Would ya'll be open to me submitting a new PR to add two new methods inspired by: pluggy.PluginManager.subset_hook_caller()?

  • PluginManager.ordered_hook_caller(name, plugin_order=[...])
  • PluginManager.reversed_hook_caller(name)

These would allow the user to specify a plugin order at calltime, just like they can specify a subset currently. You can then use any arbitrary other code to determine the topology, and simply pass it via the plugin_order=... arg.

class PluginManager:
    ...
    
    def ordered_hook_caller(
        self, name: str, plugin_order: Iterable[_Plugin]
    ) -> HookCaller:
        """Return a proxy :class:`~pluggy.HookCaller` instance for the named
        method which manages calls to the given plugins in the given order."""
        orig: HookCaller = getattr(self.hook, name)
        return _OrderedHookCaller(orig, plugin_order)

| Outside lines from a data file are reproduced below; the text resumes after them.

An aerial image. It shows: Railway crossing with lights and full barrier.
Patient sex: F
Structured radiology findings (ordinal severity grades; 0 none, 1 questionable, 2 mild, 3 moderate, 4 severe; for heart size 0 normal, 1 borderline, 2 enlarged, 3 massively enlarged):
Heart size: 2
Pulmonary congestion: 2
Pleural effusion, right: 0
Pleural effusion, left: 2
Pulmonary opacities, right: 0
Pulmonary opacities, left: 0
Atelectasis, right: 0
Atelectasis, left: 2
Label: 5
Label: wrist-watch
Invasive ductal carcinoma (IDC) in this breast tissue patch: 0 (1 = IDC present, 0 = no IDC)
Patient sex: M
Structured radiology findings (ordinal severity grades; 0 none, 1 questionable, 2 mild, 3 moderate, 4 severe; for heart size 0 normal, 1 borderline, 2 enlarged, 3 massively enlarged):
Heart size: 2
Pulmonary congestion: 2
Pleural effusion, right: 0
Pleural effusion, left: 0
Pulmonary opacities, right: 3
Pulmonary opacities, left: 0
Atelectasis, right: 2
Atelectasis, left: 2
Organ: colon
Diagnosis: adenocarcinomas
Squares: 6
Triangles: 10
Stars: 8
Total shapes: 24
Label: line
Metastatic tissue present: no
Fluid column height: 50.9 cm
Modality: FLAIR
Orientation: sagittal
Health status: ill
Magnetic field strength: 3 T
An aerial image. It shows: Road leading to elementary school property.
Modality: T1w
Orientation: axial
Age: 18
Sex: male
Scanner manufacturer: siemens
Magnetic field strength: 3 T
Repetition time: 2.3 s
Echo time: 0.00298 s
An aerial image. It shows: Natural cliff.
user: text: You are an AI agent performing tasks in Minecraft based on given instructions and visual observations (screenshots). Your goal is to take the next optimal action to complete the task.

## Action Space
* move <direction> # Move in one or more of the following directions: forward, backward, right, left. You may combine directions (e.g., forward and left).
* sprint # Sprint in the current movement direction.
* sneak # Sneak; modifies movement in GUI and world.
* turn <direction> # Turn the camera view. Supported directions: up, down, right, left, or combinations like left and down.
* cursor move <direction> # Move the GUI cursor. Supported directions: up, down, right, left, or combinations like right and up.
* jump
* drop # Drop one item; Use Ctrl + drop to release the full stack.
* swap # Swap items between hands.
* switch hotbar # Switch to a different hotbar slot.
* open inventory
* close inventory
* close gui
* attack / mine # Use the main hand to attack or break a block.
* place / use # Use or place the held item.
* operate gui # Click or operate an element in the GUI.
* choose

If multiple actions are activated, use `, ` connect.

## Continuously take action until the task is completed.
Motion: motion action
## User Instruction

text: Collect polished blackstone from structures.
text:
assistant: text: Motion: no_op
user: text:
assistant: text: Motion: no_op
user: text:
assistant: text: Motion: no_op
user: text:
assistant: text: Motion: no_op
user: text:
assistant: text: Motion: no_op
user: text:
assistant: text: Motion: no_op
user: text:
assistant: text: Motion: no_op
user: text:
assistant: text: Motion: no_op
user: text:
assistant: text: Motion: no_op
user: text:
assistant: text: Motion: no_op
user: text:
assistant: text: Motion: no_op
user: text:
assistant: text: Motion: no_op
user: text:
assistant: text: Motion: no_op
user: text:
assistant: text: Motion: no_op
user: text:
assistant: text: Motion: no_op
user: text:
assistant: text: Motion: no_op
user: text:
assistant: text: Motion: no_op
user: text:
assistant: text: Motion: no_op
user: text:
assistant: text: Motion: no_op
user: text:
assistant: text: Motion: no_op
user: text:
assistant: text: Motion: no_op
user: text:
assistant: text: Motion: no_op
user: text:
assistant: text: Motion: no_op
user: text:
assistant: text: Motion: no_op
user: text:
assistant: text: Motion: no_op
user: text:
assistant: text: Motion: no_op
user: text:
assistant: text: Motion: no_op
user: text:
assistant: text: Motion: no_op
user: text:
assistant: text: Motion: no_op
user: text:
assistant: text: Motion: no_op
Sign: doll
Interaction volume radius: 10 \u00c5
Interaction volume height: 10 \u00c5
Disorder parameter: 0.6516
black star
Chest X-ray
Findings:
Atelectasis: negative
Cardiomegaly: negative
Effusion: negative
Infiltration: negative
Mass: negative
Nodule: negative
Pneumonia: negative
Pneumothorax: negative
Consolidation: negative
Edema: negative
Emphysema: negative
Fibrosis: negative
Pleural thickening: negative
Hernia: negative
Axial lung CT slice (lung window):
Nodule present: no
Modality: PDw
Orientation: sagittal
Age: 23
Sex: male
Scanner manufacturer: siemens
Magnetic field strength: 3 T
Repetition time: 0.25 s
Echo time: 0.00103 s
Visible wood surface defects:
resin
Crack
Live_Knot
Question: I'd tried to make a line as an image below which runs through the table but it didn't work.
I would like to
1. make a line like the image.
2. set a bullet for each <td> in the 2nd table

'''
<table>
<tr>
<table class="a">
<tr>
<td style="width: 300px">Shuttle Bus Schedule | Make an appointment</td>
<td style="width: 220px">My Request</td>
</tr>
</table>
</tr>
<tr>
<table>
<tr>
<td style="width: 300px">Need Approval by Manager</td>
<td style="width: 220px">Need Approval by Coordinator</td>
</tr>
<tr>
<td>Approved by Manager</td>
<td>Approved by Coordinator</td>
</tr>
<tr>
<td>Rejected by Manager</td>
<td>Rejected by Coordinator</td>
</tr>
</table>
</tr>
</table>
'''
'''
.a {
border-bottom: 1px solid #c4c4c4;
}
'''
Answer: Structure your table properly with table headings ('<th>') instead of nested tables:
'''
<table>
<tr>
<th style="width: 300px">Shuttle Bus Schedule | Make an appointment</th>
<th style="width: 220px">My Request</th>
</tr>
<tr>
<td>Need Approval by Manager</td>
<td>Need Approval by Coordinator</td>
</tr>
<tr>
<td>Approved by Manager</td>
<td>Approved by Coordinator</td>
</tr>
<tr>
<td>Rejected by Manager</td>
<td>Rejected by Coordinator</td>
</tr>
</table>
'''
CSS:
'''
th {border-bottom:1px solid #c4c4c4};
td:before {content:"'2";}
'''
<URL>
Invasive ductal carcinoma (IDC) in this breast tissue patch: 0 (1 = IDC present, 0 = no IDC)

    def reversed_hook_caller(self) -> HookCaller:
        """Return a proxy :class:`~pluggy.HookCaller` instance for the named
        method which manages calls to the all plugins in reverse (FIFO) order."""

		return self.ordered_hook_caller(plugin_order=reversed(self.get_plugins()))
class _OrderedHookCaller(HookCaller):
    """A proxy to another HookCaller which manages calls to all registered
    plugins in a fixed order passed as an argument. (based on _SubsetHookCaller)"""

    __slots__ = ("_orig", "_plugin_order")

    def __init__(self, orig: HookCaller, plugin_order: AbstractSet[_Plugin]) -> None:
        self._orig = orig
        self._plugin_order = plugin_order
        self.name = orig.name  # type: ignore[misc]
        self._hookexec = orig._hookexec  # type: ignore[misc]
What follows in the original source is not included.